[Data excerpts]
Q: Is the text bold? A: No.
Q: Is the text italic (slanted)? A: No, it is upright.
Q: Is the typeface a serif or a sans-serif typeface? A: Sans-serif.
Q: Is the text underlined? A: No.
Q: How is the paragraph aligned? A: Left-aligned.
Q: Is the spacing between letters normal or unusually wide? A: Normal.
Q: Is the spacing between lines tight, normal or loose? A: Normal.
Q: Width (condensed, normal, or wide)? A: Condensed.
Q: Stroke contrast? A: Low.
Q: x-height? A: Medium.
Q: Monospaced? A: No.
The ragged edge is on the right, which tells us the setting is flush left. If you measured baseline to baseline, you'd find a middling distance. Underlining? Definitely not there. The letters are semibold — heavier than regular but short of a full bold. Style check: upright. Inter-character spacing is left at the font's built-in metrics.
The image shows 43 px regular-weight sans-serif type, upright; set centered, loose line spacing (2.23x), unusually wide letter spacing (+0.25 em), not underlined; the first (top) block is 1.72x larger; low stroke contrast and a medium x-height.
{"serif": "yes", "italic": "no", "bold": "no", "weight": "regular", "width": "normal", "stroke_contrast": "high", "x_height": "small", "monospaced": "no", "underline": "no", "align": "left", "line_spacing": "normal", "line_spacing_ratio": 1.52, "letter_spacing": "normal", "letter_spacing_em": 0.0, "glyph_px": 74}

...

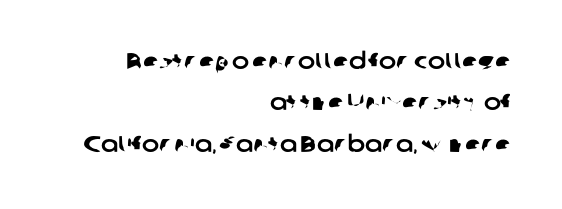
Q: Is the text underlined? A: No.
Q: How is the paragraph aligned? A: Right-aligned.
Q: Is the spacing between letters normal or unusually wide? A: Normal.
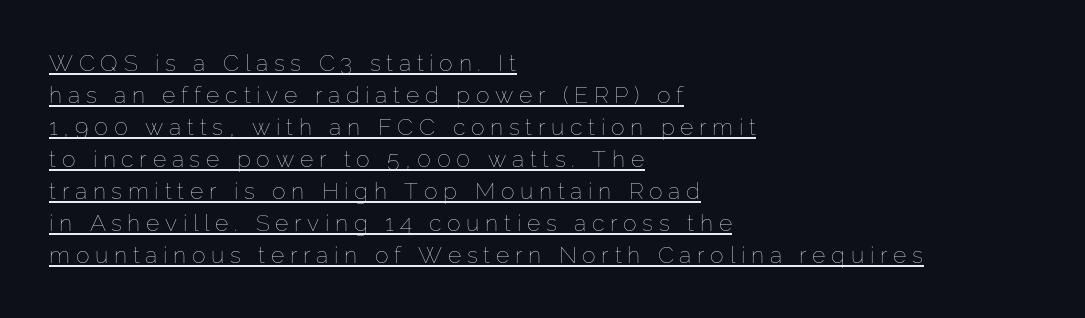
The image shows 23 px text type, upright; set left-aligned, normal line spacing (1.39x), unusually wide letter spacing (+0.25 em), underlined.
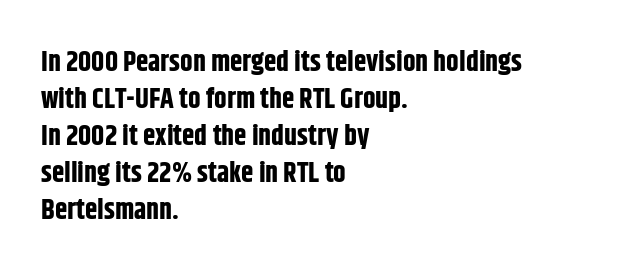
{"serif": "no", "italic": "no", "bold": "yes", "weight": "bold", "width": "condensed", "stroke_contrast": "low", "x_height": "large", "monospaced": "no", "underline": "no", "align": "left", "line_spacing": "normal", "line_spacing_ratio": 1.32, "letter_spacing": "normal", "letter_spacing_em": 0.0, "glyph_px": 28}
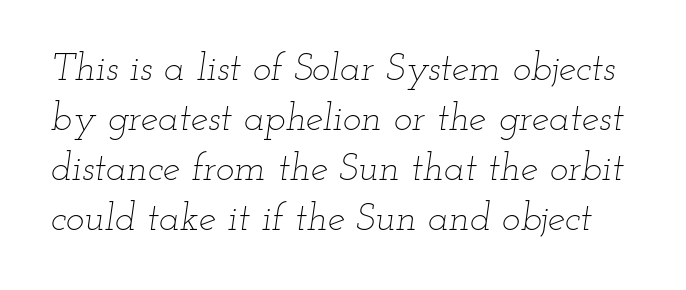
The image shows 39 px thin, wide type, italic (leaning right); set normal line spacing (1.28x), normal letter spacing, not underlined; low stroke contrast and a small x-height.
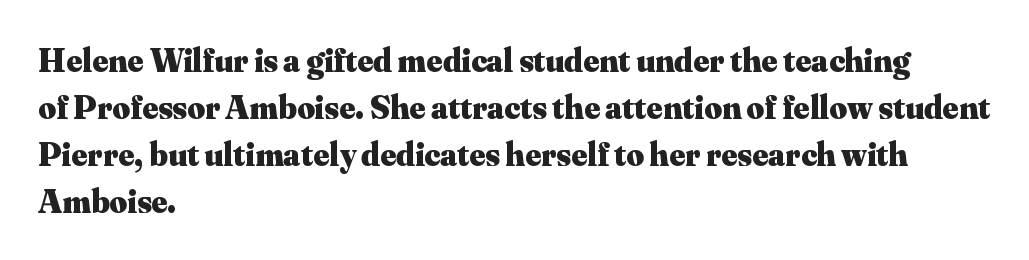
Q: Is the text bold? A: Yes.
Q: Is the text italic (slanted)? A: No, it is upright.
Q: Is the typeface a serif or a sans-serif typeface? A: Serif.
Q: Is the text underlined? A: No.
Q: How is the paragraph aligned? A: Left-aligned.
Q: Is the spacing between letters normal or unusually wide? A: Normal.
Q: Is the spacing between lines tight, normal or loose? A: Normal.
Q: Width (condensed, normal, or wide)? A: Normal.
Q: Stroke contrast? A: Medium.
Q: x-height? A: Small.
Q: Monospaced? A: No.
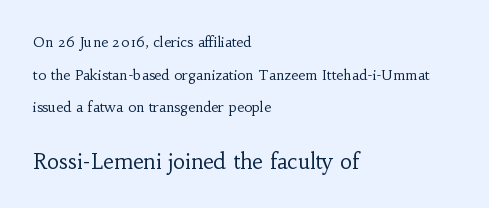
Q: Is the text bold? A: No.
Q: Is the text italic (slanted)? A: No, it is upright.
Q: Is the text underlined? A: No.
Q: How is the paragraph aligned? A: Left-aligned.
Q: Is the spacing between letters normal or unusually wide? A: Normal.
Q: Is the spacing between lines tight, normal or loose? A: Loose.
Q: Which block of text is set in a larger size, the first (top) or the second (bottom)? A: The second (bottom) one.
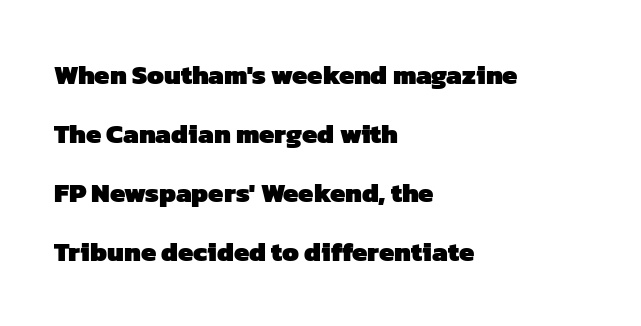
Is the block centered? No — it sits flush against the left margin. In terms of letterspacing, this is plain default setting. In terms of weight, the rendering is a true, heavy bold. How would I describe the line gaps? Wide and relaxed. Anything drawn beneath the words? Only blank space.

**Task details:** Only lines with the word "typeface" are wanted, so copy each one from the records.

**Task output:**
Q: Is the typeface a serif or a sans-serif typeface? A: Sans-serif.
Q: Is the typeface a serif or a sans-serif typeface? A: Serif.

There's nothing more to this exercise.